Somewhere between the scathing din of Wolf Eyes and textural composers like Ligeti is Glenn Branca. His guitar symphonies stand as some the most evocative expressions of organized chaos in any art form, and, in most cases, they sound nothing like guitars. As a part of New York's no-wave sound, he redefined the instrument's scope for all the '90s noise rockers to reap (Sonic Youth, for one, was birthed from Branca's experimental loins).

So, when the Experience Music Project posted a call for musicians to perform Hallucination City: Symphony 13 for 100 Guitars in Seattle, I offered my services as a music- reading guitar player. Branca's wife and right-hand concertmistress, Regina Bloor, e-mailed me the sheet music for Hallucination City, a 70-minute monster that premiered back in 2001 at the base of the World Trade Center. Bloor also sent a comprehensive list of notes describing how I'd be modifying the way I play, tune, string the guitar, and read notation. In order for his music to work, Branca wants performers to unlearn their hot licks, their tasty riffs, their Black Sabbath bar chords, and relearn that mystery of strings plus wood plus electricity.

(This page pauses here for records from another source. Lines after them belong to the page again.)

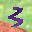
Label: 3
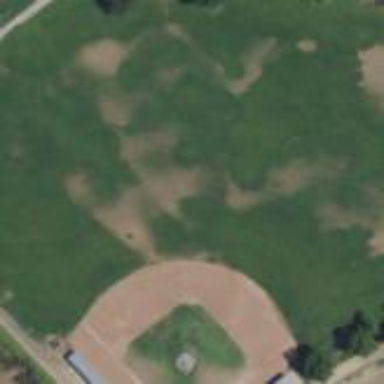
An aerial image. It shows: Baseball pitch for leisure land activities.
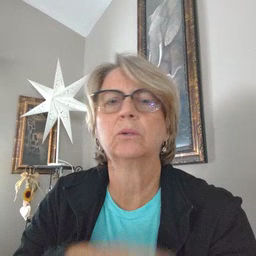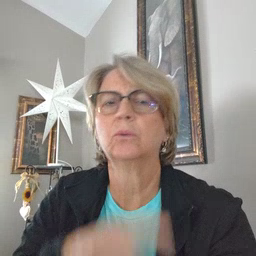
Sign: mouse
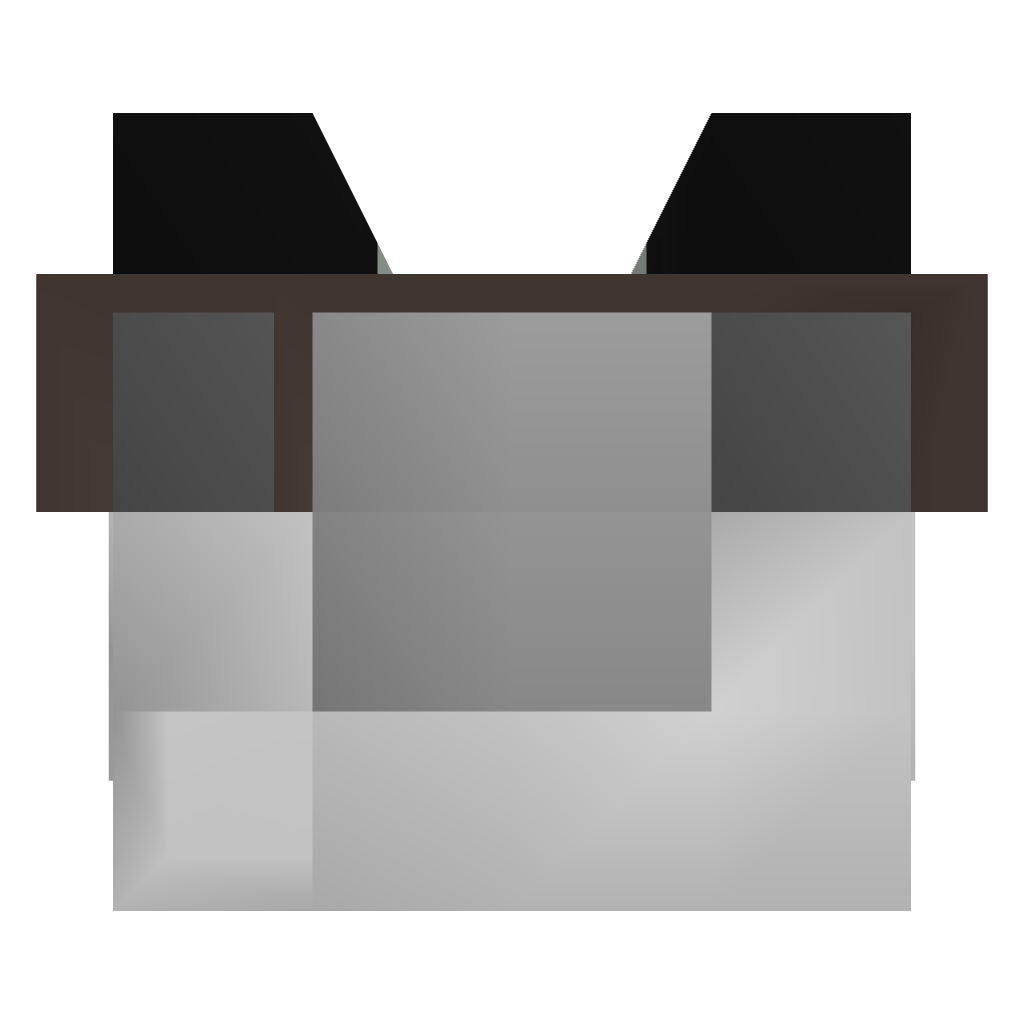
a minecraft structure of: Semi-Auto TNT Cannon By Mate8008
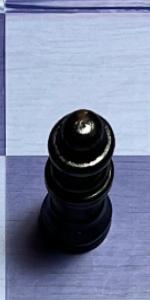
Label: Queen_Black
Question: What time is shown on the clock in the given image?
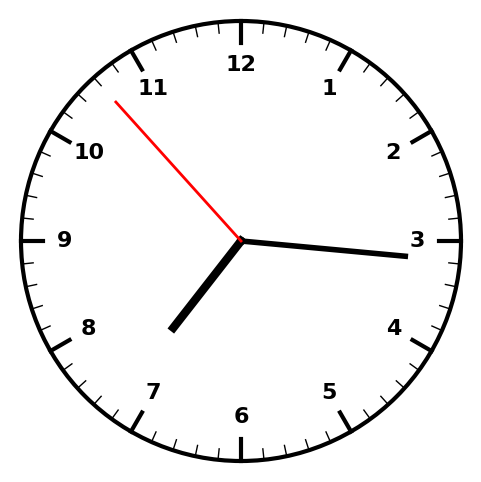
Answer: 07:15:53
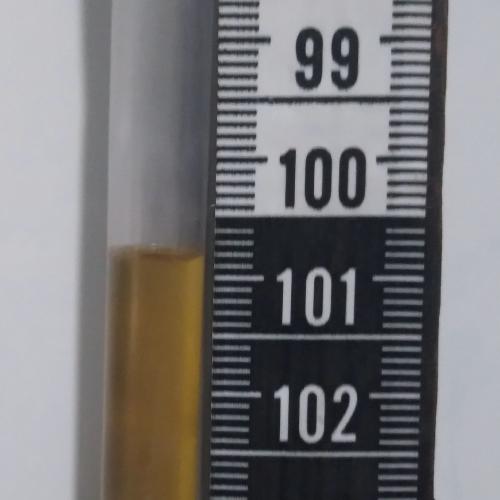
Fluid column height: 100.8 cm
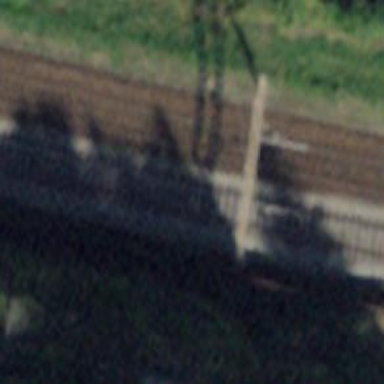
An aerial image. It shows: Single railway track with electrification through contact line.
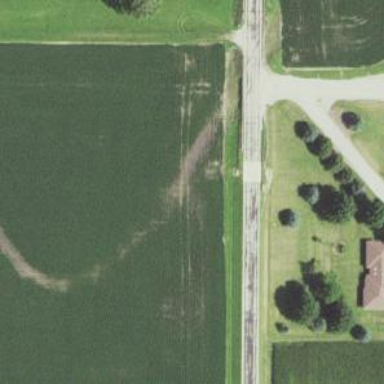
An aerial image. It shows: Secondary road.
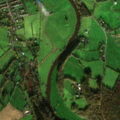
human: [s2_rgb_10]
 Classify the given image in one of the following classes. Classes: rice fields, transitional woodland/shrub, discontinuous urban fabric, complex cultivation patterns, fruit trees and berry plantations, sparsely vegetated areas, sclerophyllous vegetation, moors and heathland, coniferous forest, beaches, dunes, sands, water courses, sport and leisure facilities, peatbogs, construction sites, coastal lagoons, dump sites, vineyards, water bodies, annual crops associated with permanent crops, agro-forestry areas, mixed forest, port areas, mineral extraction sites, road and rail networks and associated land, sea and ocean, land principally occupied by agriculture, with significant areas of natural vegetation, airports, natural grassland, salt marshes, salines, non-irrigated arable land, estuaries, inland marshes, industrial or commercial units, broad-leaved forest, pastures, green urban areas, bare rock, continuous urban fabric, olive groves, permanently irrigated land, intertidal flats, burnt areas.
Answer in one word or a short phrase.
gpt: discontinuous urban fabric, pastures, land principally occupied by agriculture, with significant areas of natural vegetation, broad-leaved forest
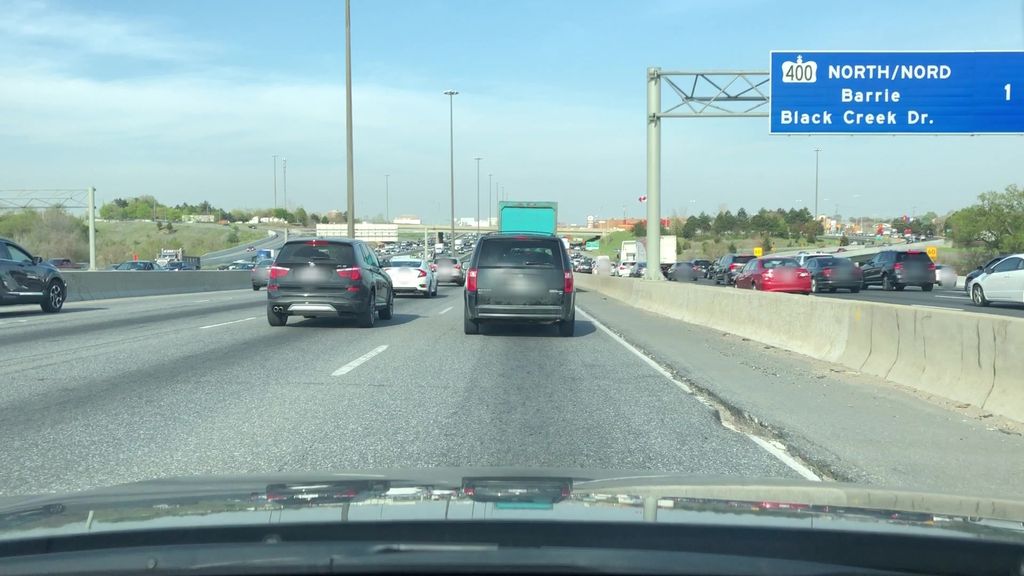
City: toronto
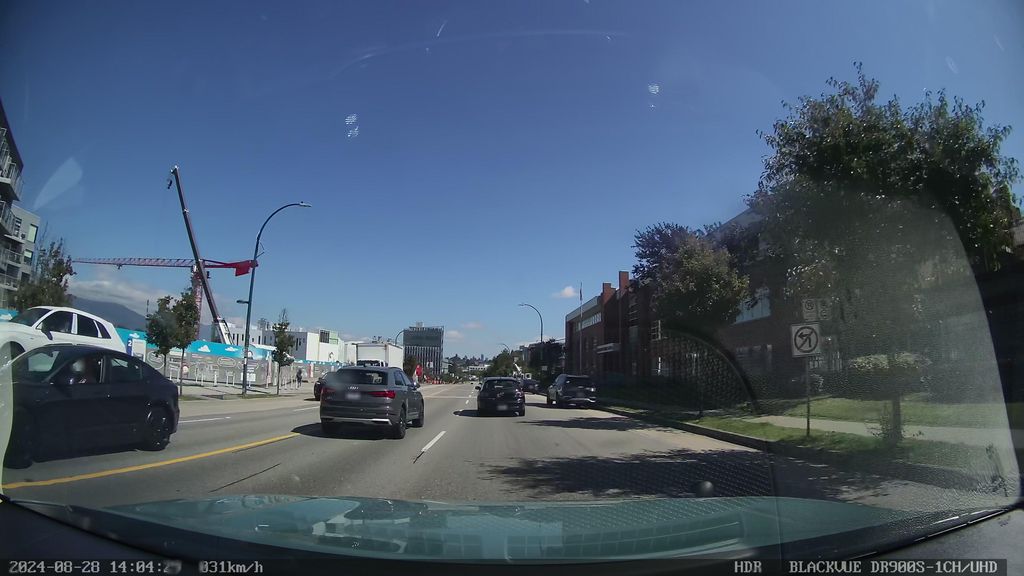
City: vancouver
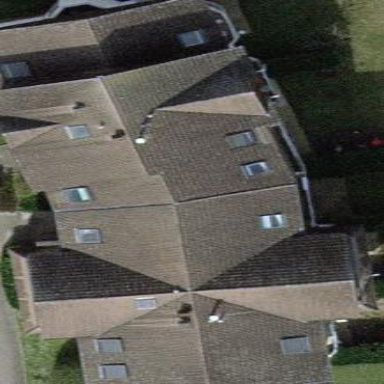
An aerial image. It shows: Residential building with gabled roof covered in roof tiles.
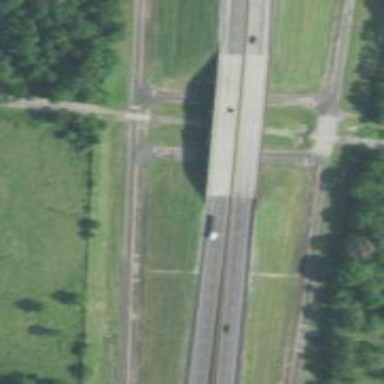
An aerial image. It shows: Trunk highway with expressway features.
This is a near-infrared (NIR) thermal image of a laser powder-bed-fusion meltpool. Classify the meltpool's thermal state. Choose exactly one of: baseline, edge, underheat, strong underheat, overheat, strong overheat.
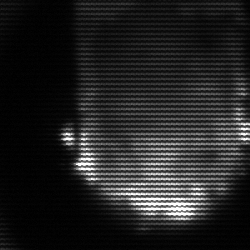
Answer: baseline
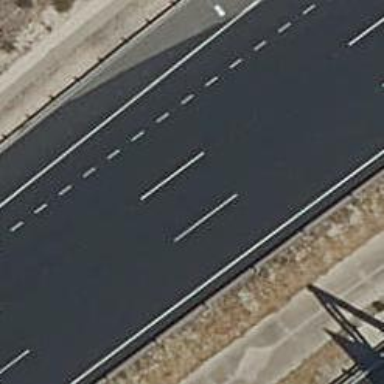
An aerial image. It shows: View of motorway.

The first rehearsal was in the acoustically beautiful EMP Sky Church, the second in the bleak cafeteria of the Seattle Center Exhibition Hall. Organized like a chorale, the orchestra sat according to sections: alto, tenor, baritone, and bass. I, along with three others, made up the swarm-of-bees sound of alto 7. The guy on my left told me he had played in six other Hallucination City performances, including ones in Belgium, London, and Rome. Then he pointed out five other seasoned Brancanites who had all traveled here from faraway places. The alto on my right said, "I just read about it in the paper and wanted to play with a hundred guitarists."

It turned out that the count was more like 47—still an impressive number of guitarists willing to spend three 10-hour days playing a piece of avant-garde chamber music at a $175-to-$275-per-ticket Seattle Art Museum party for zero pay. The experience offered other rewards.

What happens when a Branca piece really gets going is a little like hypnosis. During one informal lunchtime discussion, he talked about listening to the sound of a pitch slowly bending over the course of an hour and how, if you listen to it loud enough, you will endure "hallucinations like you've never seen." Indirectly, I think he was giving us inspiration for his own music. Another time, he wandered into the room and told the (wonderfully fantastic) conductor, John Myers, "I don't know what you guys are doing in here, but I'm hearing voices in this music."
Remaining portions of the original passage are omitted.